Republicans reminded Vice President Biden of the prediction he made that the stimulus would fix the economy in 18 months.
Senate Republicans on Tuesday reminded Vice President Joe Biden of the prediction he made in February of 2009 that the stimulus package would pull the economy out of the recession in 18 months in August 2010.
"This [stimulus] is about getting this out and spent in 18 months to create 3.5 million jobs," Biden said in February of last year, adding the package contains provisions that "literally drop-kicks us out of this recession."

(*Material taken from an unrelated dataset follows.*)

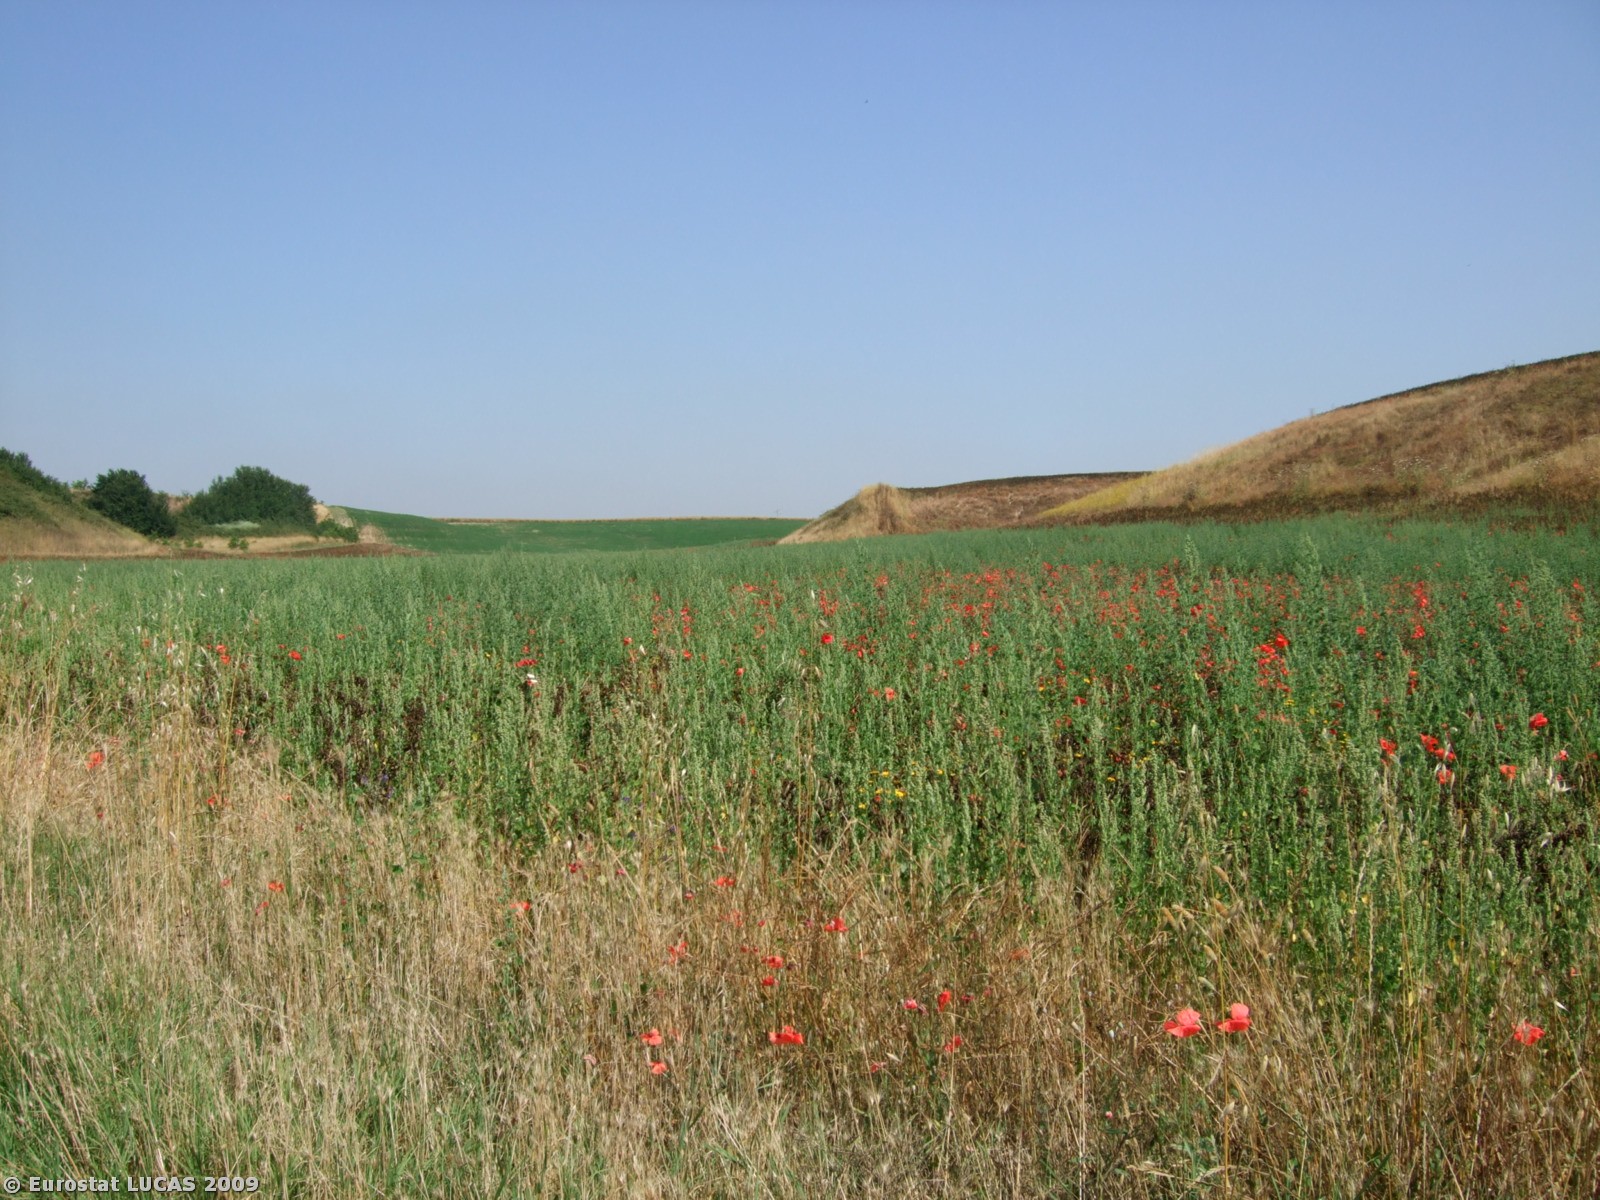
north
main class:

Republicans point out that the U.S. Department of Labor shows more than 3.3 million jobs have been lost since the stimulus was enacted in February of 2009. The Bureau of Labor Statistics shows the unemployment rate held steady at 9.5 percent in July. The rate was approximately 7.7 percent when Obama signed the stimulus into law.
The nonpartisan Congressional Budget Office in May reported that the stimulus was responsible for creating as many as 2.8 million jobs in the first quarter of 2010. It also said GDP adjusted for inflation increased between 1.7 percent and 4.2 percent over the same time period because of the stimulus.
Since the CBO report, economic indicators appear to have taken a turn for the worse.
The U.S. trade gap last week widened unexpectedly in June, hitting the highest level since October 2008 and sending the Dow tumbling 256 points on Wednesday. Other markets around the globe fell as well. The Federal Reserve last week also readjusted its expectations for a more modest recovery than previously anticipated.
Some economists now argue the recession never ended, despite some economic indicators suggesting otherwise.
"The Great Recession continues," wrote Robert Reich, former Secretary of Labor under President Clinton, in The Huffington Post on Saturday.
"It's nonsense to think of the economy heading downward again into a double-dip recession when most Americans never emerged from the first dip," he wrote. "We're still in one long Big Dipper."